The latest round in a decades-old battle over the drug revolves around a 2-year-old state law that would make illegal the personal at-home use of small amounts of marijuana in Alaska.
A lower court struck down part of the law two years ago saying it conflicts with past Supreme Court decisions. The state Department of Law appealed the case.
This week special assistant attorney general Dean Guaneli reprised his argument that the new law contains findings by the Legislature on the dangers of marijuana that were not considered by the court in the past.
"It's a different kind of drug, it's a different era and the Legislature considered all that and reached its decision," said Guaneli after the hearing.
The American Civil Liberties Union of Alaska challenged the law on the grounds that the state constitution and its privacy provisions protect adults who use marijuana in their homes.
Attorneys said the state has failed to prove that public health has suffered in Alaska a result of the court's 1975 landmark decision, known as Ravin v.
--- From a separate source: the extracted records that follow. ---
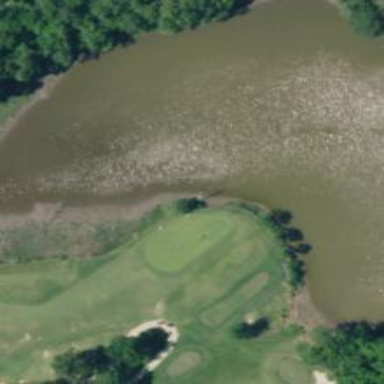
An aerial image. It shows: View of golf hole.
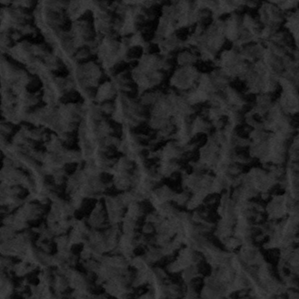
Label: frost
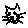
Label: cat
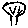
Label: tree
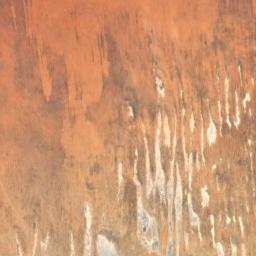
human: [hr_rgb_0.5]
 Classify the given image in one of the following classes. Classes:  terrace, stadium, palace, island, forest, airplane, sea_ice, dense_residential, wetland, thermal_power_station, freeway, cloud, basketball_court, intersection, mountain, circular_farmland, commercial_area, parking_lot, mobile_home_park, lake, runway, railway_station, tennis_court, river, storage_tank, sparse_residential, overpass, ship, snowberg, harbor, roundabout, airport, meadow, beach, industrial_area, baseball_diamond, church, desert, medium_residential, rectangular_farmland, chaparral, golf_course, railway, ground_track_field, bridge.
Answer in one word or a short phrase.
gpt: desert
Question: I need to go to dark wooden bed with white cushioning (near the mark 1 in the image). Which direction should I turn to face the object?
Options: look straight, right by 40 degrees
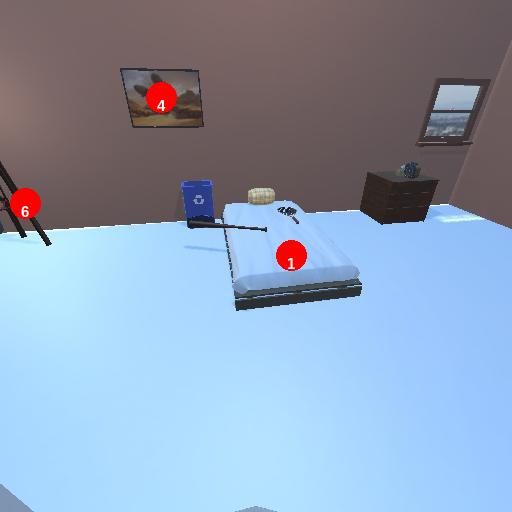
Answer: look straight
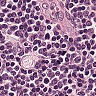
Metastatic tissue present: no
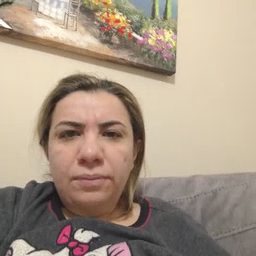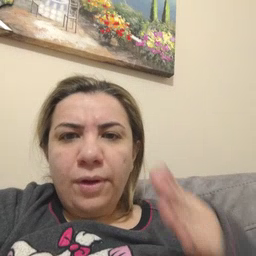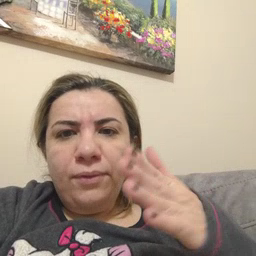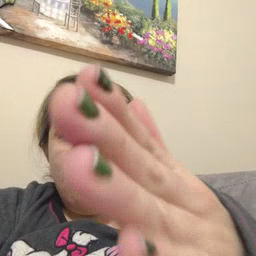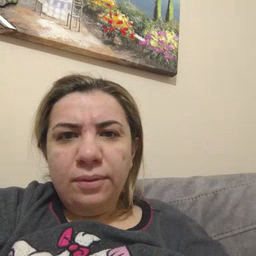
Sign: fish
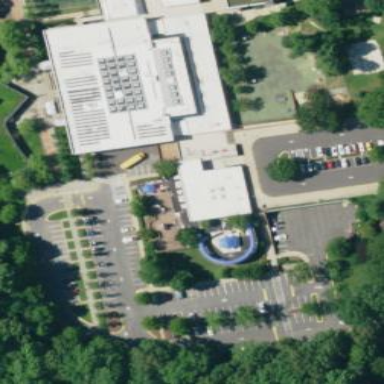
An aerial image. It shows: Kindergarten building.
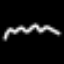
Label: squiggle

State. "The effect of Ravin has been that privacy rights are respected. Nothing relevant has changed since 1975," said ACLU staff attorney Adam Wolf.
The state law at issue was approved by the 2006 Alaska Legislature, spurred on by then-Gov. Frank Murkowski. The idea was to trigger a constitutional challenge and ultimately overturn the Ravin decision.
In gearing up for a court fight, Murkowski and the Legislature included in the bill a set of findings meant to prove that marijuana has increased in potency since the original Supreme court decision, and therefore had become more dangerous.
When the law took effect that June, the ACLU sued the state and Juneau Superior Court Judge Patricia Collins struck it down one month later, saying the new law conflicted with past constitutional decisions of the Supreme Court. Collins limited her decision to possession of less than 1 ounce of marijuana, even though the state law increases penalties for possession of more than that amount.
The Alaska Constitution has a special guarantee of privacy from government interference. And the Ravin decision said that right-to-privacy outweighs any social harm that might be caused by the personal at-home use of small amounts of marijuana. While the decision was not absolute, the court said the state would have to clear a very high hurdle to justify interfering with that right to privacy.
The state is using the legislative findings to argue that time has come.
Guaneli said that marijuana's psychoactive ingredient, known as THC, is far more potent than before, that pregnant women in Alaska use marijuana at a higher rate than the national average and that 10 percent of users become psychologically dependent on the drug.
He said he wanted to dispel the notion that the use of marijuana is OK "if all you do is step over the threshold of your home before you light up."
The ACLU, however, argued that the court should not bow to politically motivated findings that were tailor-made for the case.
Wolf said the independence of the judiciary was at stake and the court "needs to look with extreme skepticism at the legislature's findings" before it considered overturning decades of precedence protecting Alaskan's right to privacy.
The ACLU is joined by two individual plaintiffs. A 54-year-old woman referred to as Jane Doe uses marijuana to treat pain caused by a neurological illness, according to the ACLU.She and another plaintiff, a 42-year-old woman referred to as Jane Roe, won't list their real names because they fear prosecution under the new law.
The court is expected to rule on the case within a year. The justices could remand the case back to the lower court for trial.